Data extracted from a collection
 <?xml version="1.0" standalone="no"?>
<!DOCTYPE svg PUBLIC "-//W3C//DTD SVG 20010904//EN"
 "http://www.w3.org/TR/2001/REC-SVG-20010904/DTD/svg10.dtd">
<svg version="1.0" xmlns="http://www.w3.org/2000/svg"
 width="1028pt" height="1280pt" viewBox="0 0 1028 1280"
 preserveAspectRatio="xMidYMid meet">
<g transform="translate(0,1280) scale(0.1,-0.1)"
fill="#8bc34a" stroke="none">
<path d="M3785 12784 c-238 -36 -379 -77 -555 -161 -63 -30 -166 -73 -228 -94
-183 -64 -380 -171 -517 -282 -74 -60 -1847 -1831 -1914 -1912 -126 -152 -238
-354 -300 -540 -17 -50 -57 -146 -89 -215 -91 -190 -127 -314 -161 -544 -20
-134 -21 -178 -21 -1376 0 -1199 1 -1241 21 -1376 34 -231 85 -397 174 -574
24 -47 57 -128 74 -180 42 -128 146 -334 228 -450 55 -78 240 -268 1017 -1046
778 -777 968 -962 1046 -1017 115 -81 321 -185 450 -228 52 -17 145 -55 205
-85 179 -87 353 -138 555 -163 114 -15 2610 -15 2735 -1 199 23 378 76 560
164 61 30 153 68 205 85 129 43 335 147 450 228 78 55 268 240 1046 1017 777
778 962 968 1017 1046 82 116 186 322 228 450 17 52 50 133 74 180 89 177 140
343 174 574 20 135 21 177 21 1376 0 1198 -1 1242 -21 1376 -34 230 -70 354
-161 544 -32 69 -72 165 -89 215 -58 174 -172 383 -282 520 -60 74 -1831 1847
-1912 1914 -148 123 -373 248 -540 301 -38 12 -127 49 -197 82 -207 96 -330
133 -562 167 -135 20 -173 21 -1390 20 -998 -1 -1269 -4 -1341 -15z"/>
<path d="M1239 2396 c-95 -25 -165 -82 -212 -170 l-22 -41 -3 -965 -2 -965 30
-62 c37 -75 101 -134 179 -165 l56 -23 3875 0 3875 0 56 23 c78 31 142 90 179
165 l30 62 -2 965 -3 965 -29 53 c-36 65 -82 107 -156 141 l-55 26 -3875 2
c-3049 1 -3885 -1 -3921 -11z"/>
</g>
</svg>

Assigned task:
Only one number is wanted: how many lines in the records above contain the string "version".

Exercise solution:
2